# Warum funktioniert das nicht?



## lefty (17. Okt 2009)

Hat sich erledigt


----------



## Gast2 (17. Okt 2009)

lefty hat gesagt.:


> Warum funktioniert das nicht?



weil die Fragestellung zu ungenau ist


----------



## L-ectron-X (17. Okt 2009)

> Haeufigkeit von 5 Zufallszahlen von 0 bis 9:
> ==================================================
> h(0) = 0
> h(1) = 1
> ...



Dein Code funktioniert bei mir.
Mein Aufruf war: [c]java zufall 5[/c]

Hast du eine Fehlermeldung?
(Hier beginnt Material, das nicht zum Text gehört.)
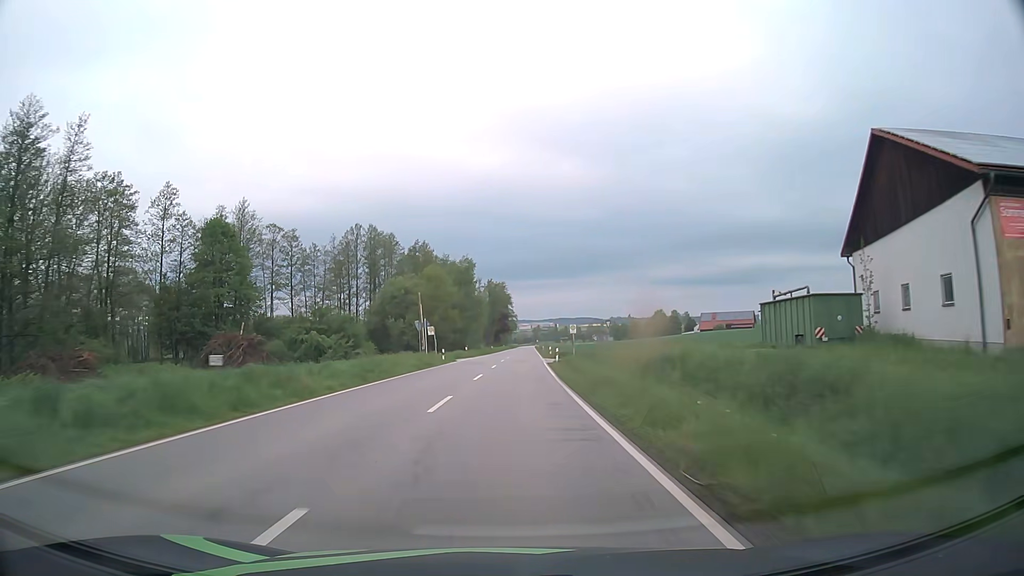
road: secondary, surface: asphalt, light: Day
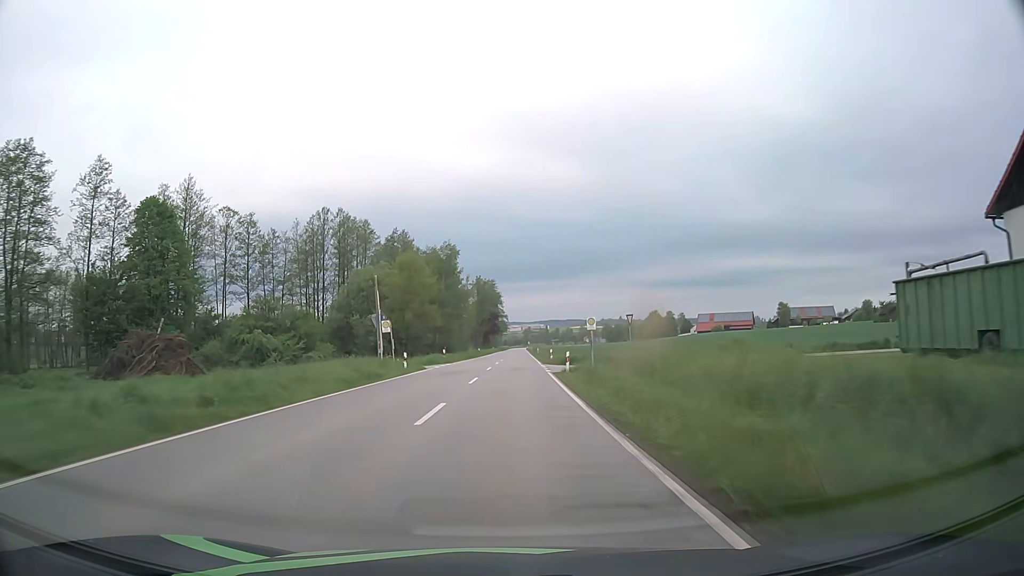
(+0.1, +14.0) m; +1°
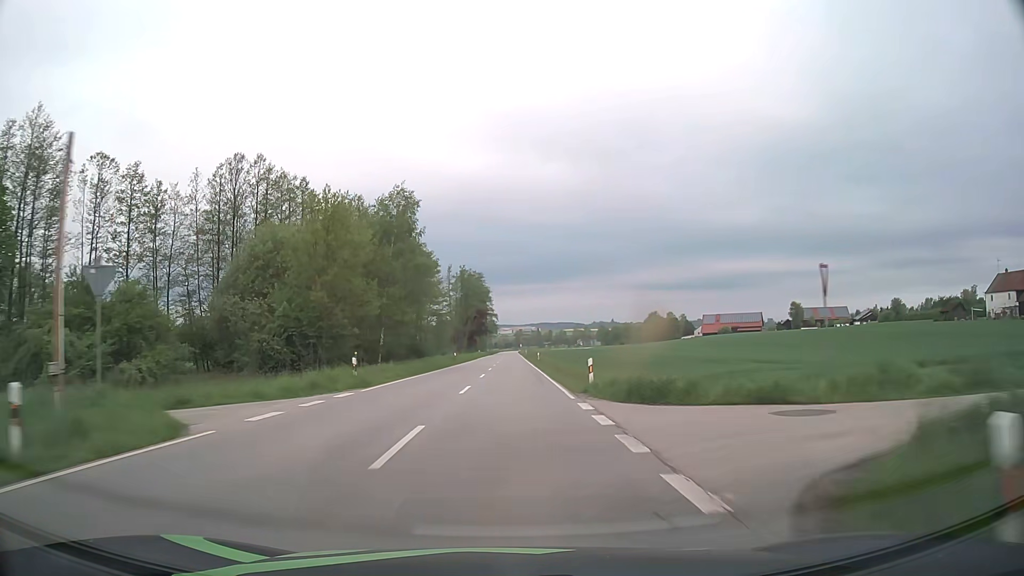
(+0.3, +27.9) m; +1°
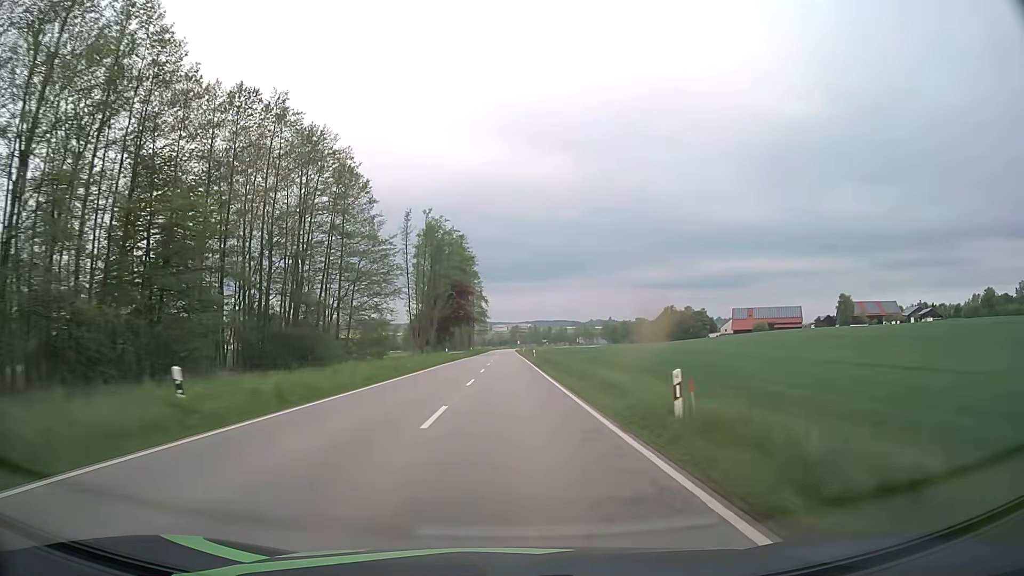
(+0.2, +56.3) m; 0°
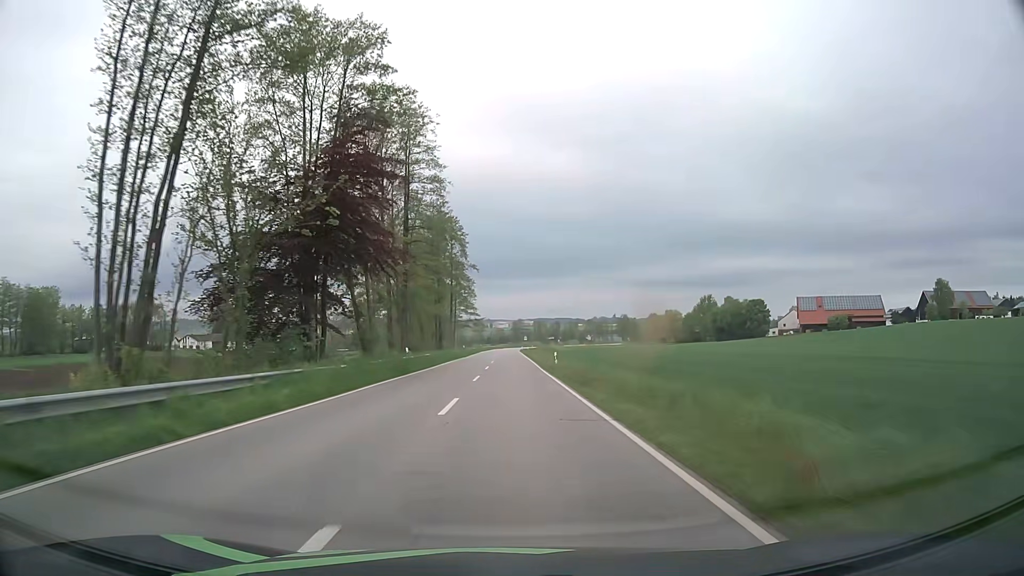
(-0.1, +70.3) m; 0°
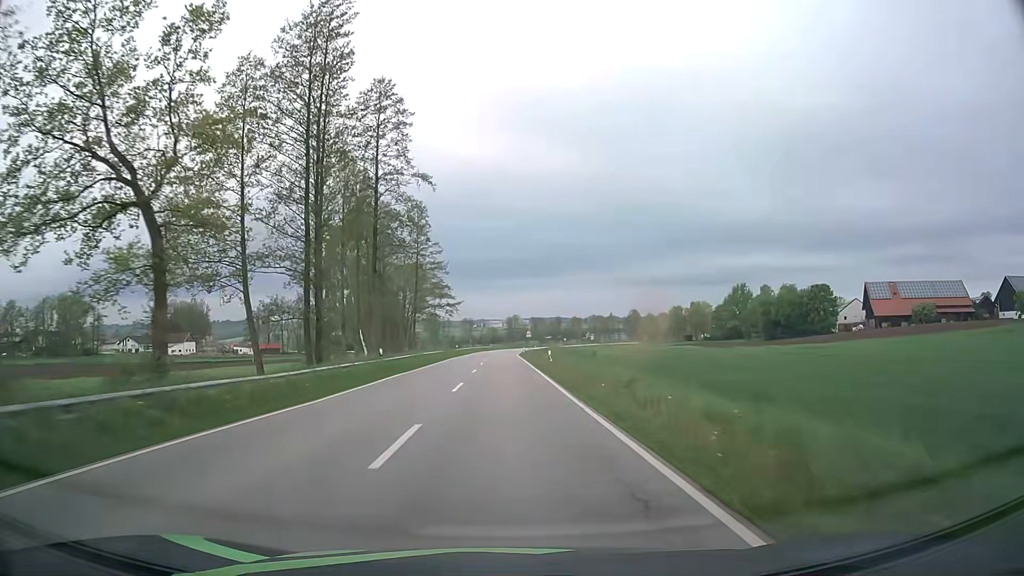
(+0.3, +54.0) m; +1°
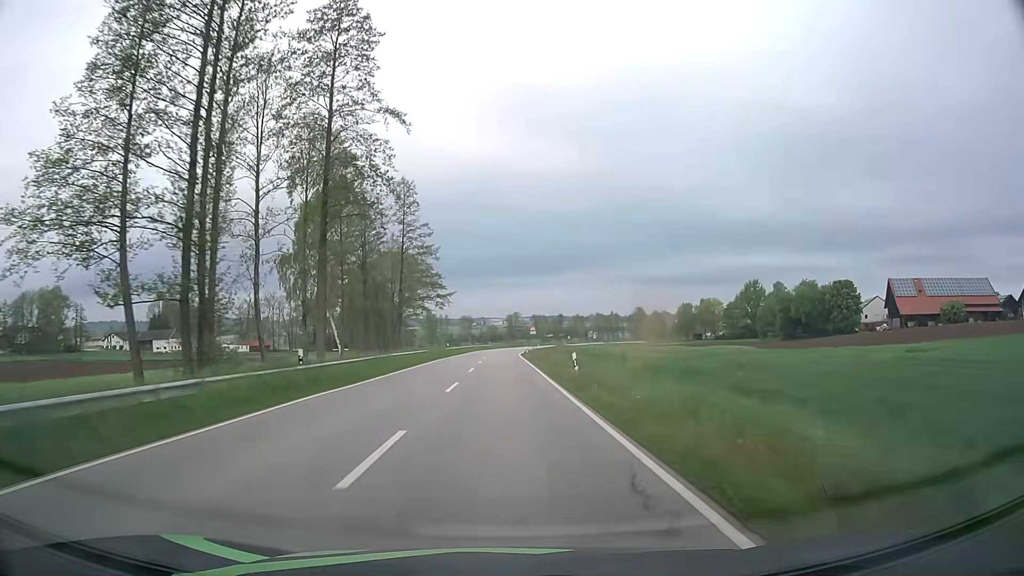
(0.0, +13.0) m; 0°
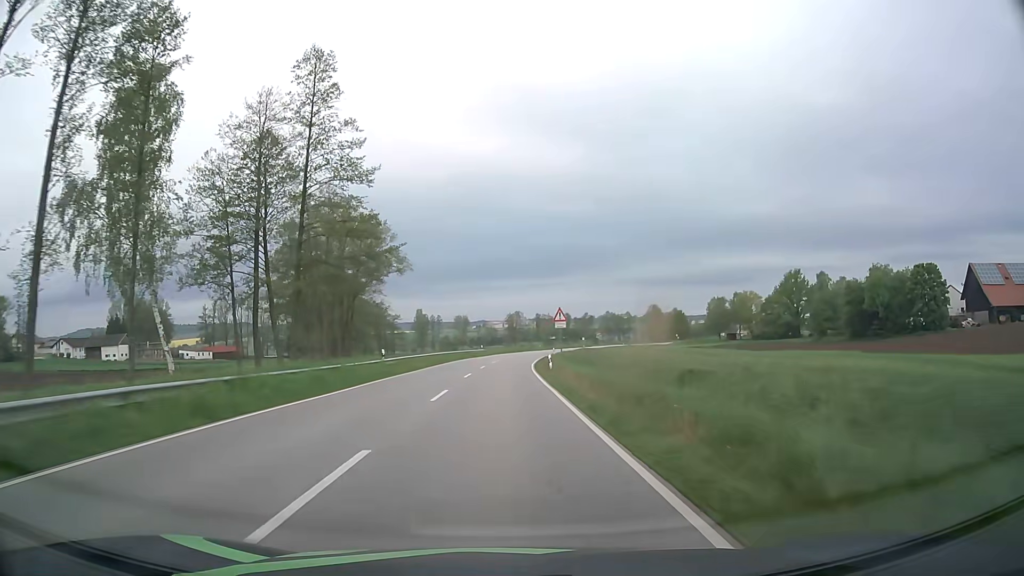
(+0.1, +37.8) m; 0°
(0, +10) (0, +20) (0, +30) (0, +40) (0, +50) (+1, +60) (+1, +70) (+2, +80) (+4, +90) (+6, +100) m

Oder was funktioniert nicht so, wie vorgesehen?


----------



## lefty (18. Okt 2009)

Hast du denn irgendwas geändert? bei mir kommt immer nur der else Befehl raus:
Aufruf: java zufall[zahl]

Ok, wenn ich die class Datei über cmd ausführe dann geht es auch bei mir aber mit eclipse schaffe ich es noch nicht.


----------



## eRaaaa (18. Okt 2009)

bei eclipse kannst du unter run -> "run configurations" unter arguments -> program arguments angeben (also args[0])


----------



## lefty (18. Okt 2009)

Ok, das das unter eclipse habe ich gefunden, heißt das dass ich es immer so laufen lassen muss oder kann ich die zahl z.B. 6 auch in das Programm gleich eintragen?
Ich komm nicht drauf wo ich die Zahl 6 eintragen  muss damit das Programm mir einfach immer die Häufigkeit von 6 brechnet.


----------



## eRaaaa (18. Okt 2009)

na, es gibt doch nur eine stelle im code wo args[0] vorkommt. 
dann noch die if-abfrage davor bedenken und ausbauen.


----------



## lefty (18. Okt 2009)

ok vielen dank


----------